Formalizing "interpretive equivalence" as implementation set equivalence instead of interpretation text comparison is the most valuable abstraction. It acknowledges interpretation non-identifiably but remains computable.
Algorithm 1 is lightweight: it requires only implementation generation and representation distance calculation, not full MI. This allows it to serve as a pre-processing step to decide if a large model or complex task can be reduced to known objects.
The theory connects interpretations, circuits, and representations. Specifically, interpretation compression \(\kappa\) shows that more abstract interpretations have more implementations, making precise discrimination through representation distance harder.
The use of linear representation similarity is measured. The authors note complex structures might require more general \(d_{repr}\), leaving room for kernel similarity or other representation alignments.
For MI practice: before explaining a large model, ask if it is interpretively equivalent to a smaller one; before explaining next-token prediction, ask if certain token groups share mechanisms with simpler syntactic tasks.
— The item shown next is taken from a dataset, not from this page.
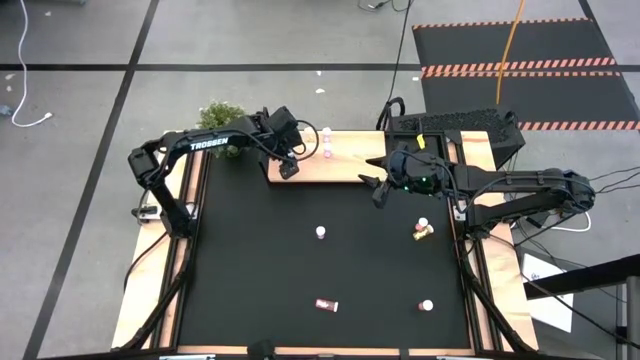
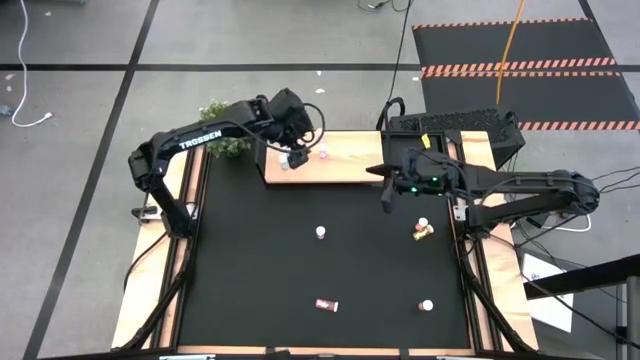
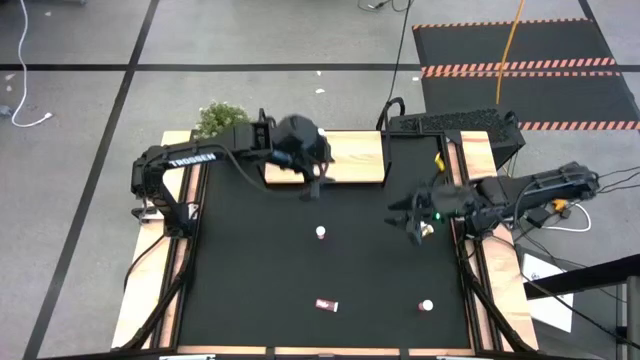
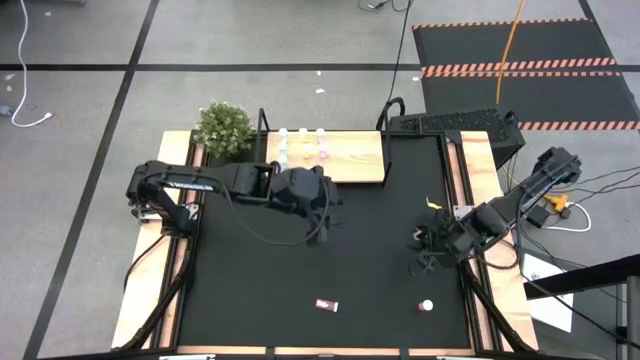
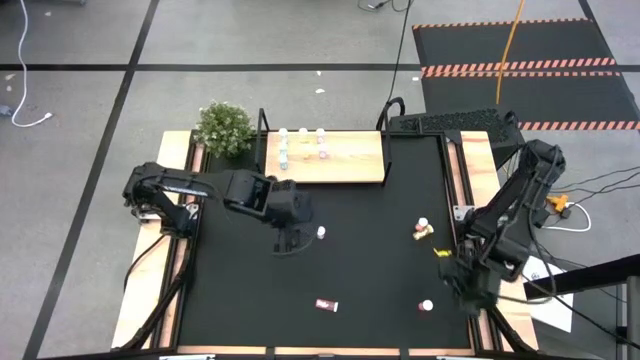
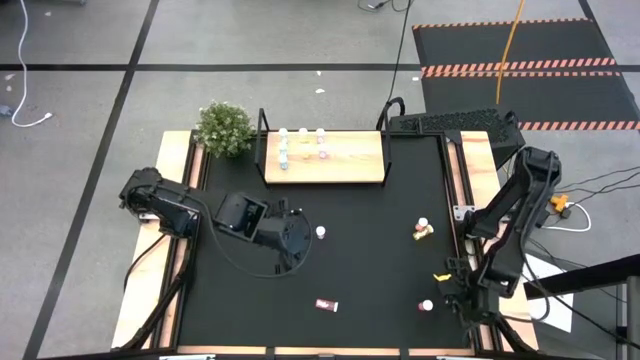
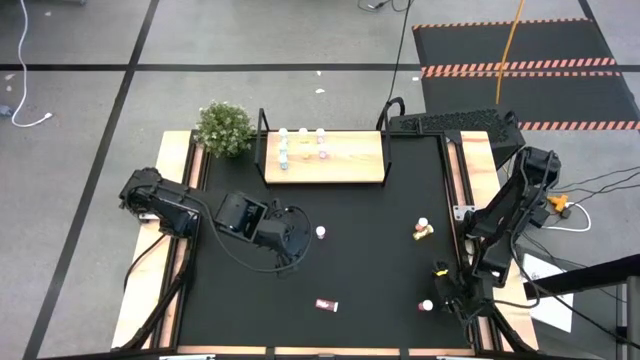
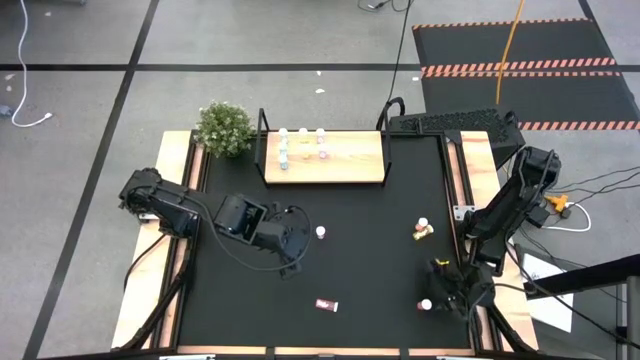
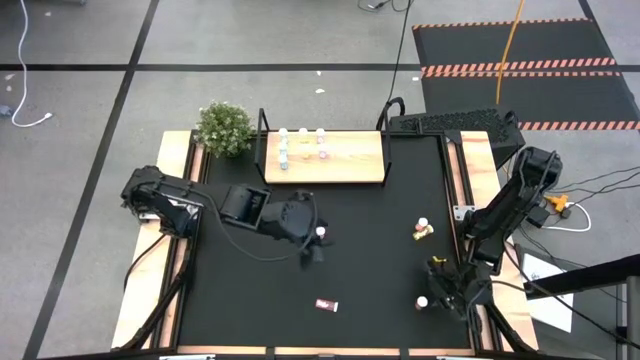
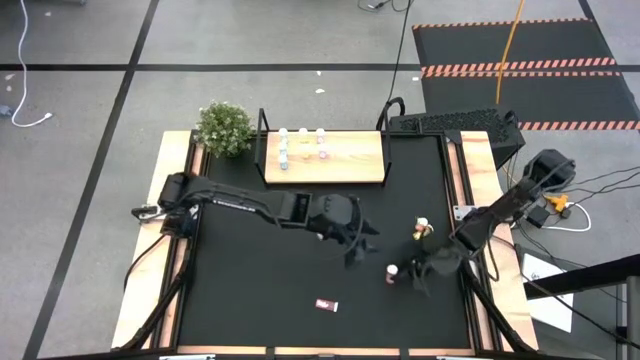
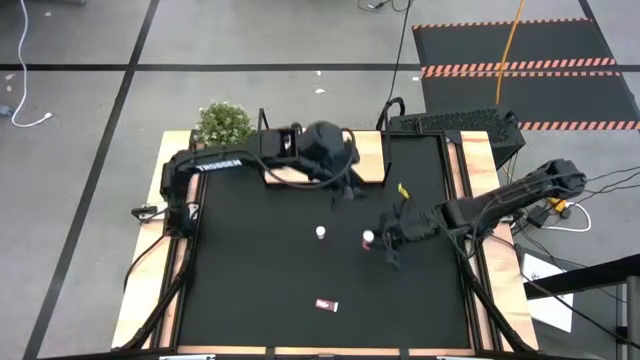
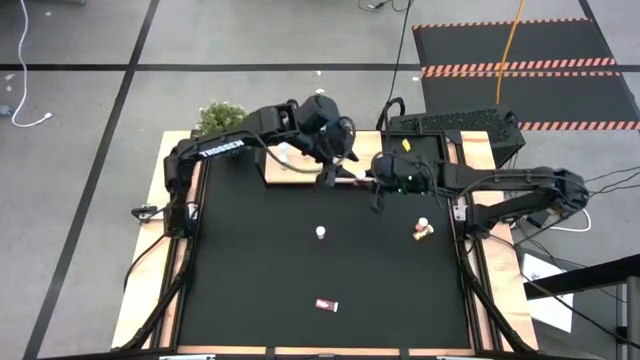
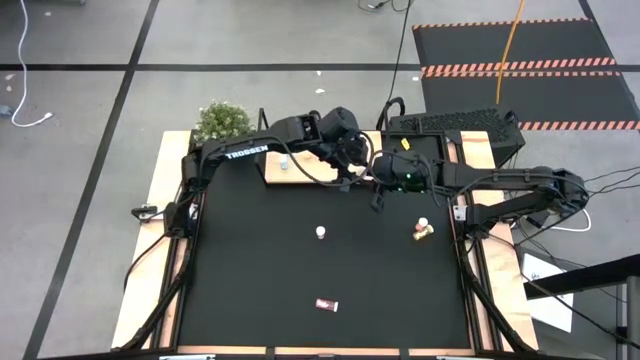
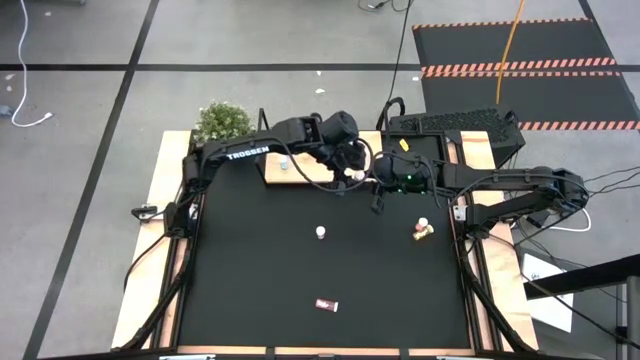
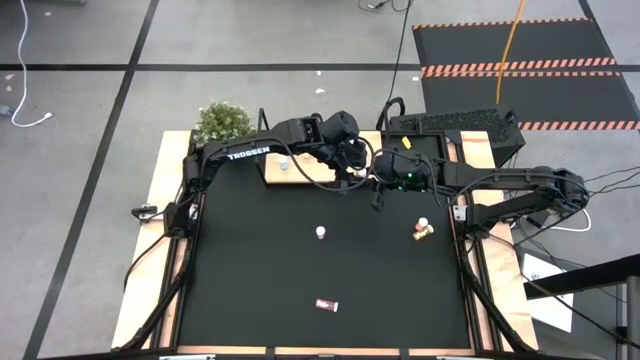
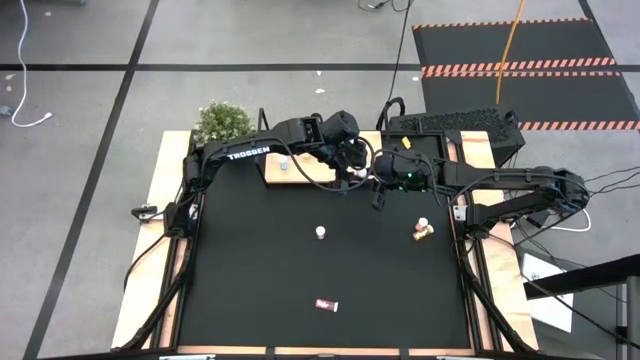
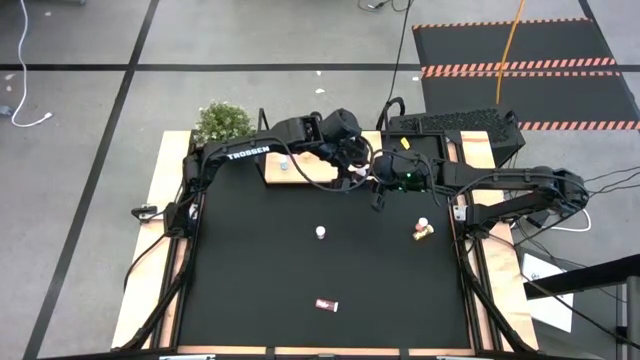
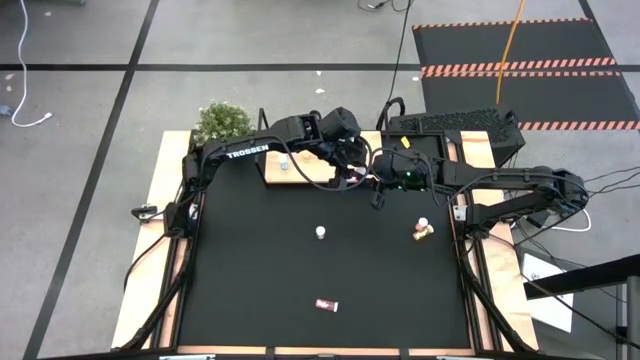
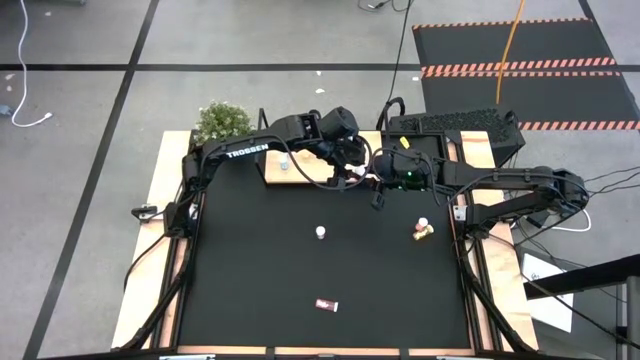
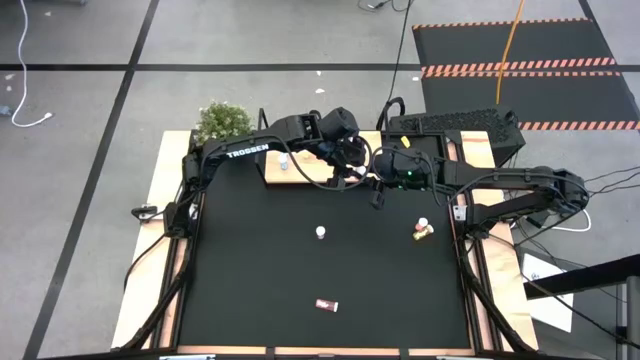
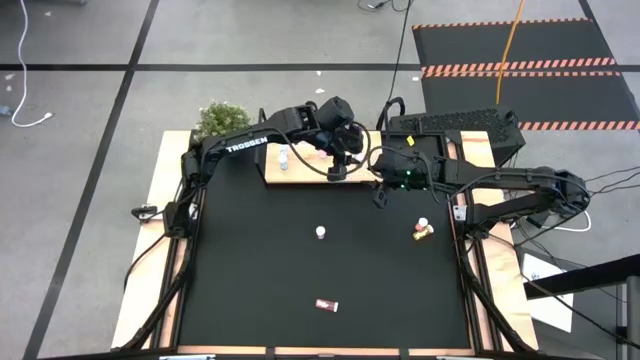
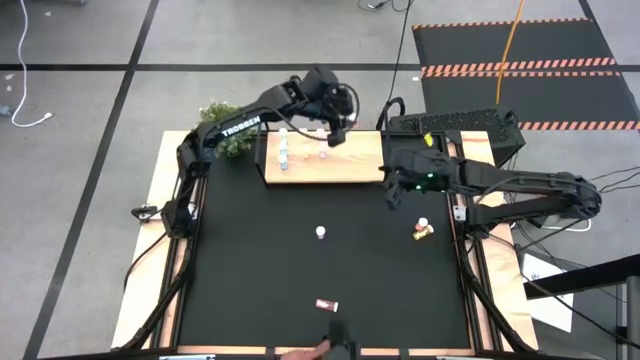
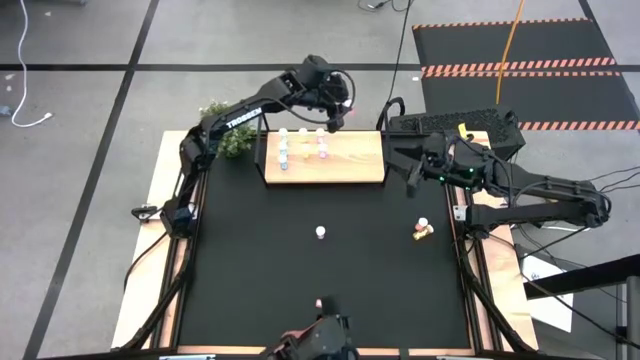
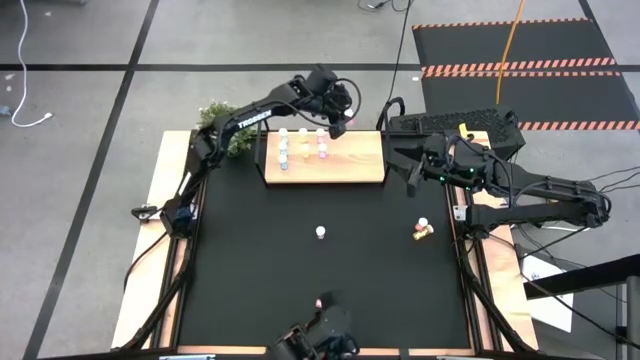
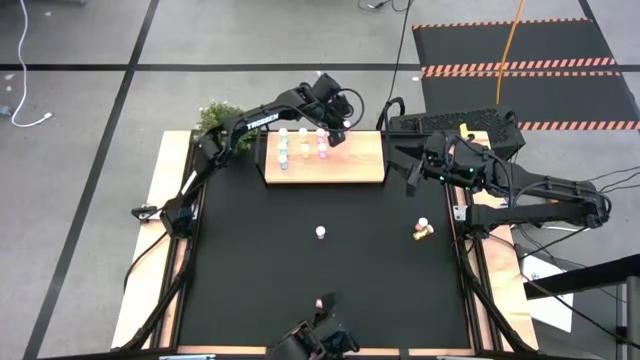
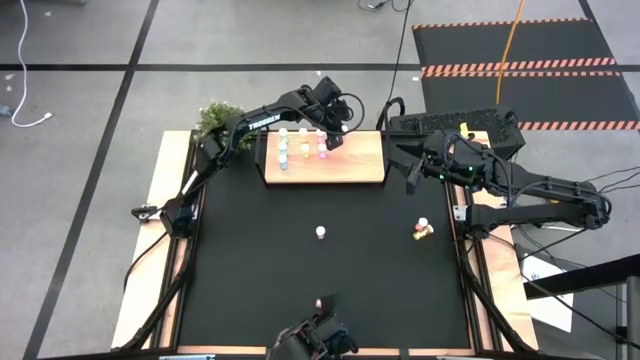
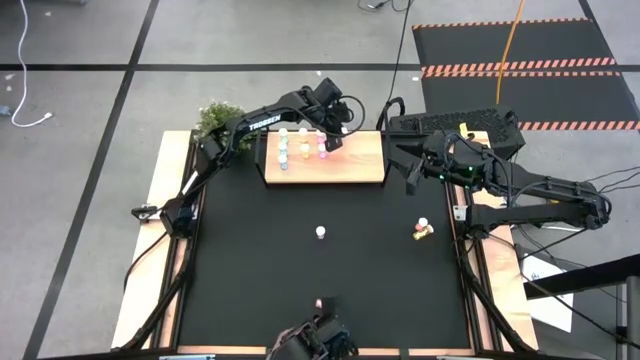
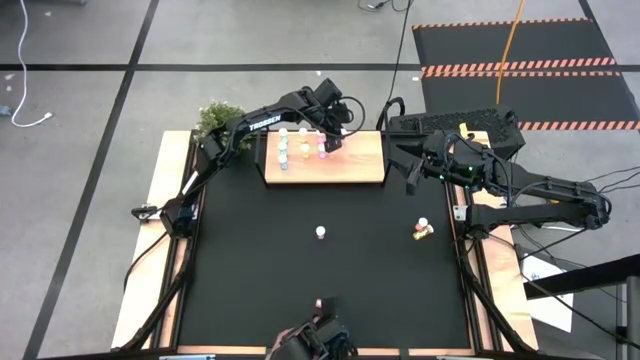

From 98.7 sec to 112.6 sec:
Task: Pick and place medicine bottles onto shelf by color
Put the bottom right orange pill bottle on the shelf

Limitations & Future Work¶

Congruity depends on GetImpl, requiring knowledge of which components do not affect behavior. While more relaxed than full circuit discovery, it still relies on tools like activation patching; errors here could lead to "contaminated" implementation sets.
Linear representation similarity may underestimate complex mechanistic equivalence. If equivalent implementations are not linearly aligned, \(d_{repr}\) will be overestimated.
Tasks are still small: n-Permutation is synthetic, and IOI/POS are well-studied. Verification on real-world complex capabilities (logical reasoning, tool use) is missing.
Interpretive equivalence is not interpretation discovery. Knowing two models are equivalent does not reveal what the shared interpretation is; it acts as a filter for choosing proxy models.
Theoretical bounds involve constants like Lipschitz constants and compression terms that are hard to estimate precisely in real models.

vs Top-down MI: Top-down methods require candidate algorithms; Ours does not, instead judging if two unknown interpretations are equivalent.
vs Bottom-up Circuit Discovery: Ours is more relaxed as it only requires identifying non-critical components for intervention, though it still utilizes circuit toolsets.
vs Causal Abstraction: Causal abstraction usually checks if a high-level model faithfully abstracts a low-level one (requiring both). Ours defines equivalence via implementation sets, bypassing direct symbolic comparison.
vs Representation Similarity: Traditionally used for training dynamics or inductive biases. Ours leverages it as a proxy for interpretive equivalence, backed by theoretical constraints.
Insight: A natural future direction is integrating Congruity into automated MI pipelines: batch-search for small models or simple tasks equivalent to the target, then apply expensive MI only to those simpler objects.

Rating¶

Novelty: ⭐⭐⭐⭐⭐ Transforming mechanistic equivalence into implementation set equivalence via intervention/representation similarity is highly original.
Experimental Thoroughness: ⭐⭐⭐⭐☆ Covers calibration, model reduction, and task reduction, but mainly in controlled toy/IOI/POS scenarios. Real-world validation is needed.
Writing Quality: ⭐⭐⭐⭐☆ Clear main line and Algorithm 1, though the theory is heavy. Requires background in causal abstraction.
Value: ⭐⭐⭐⭐⭐ Provides a new entry point for MI scalability by tracking equivalence before investing in full explanation.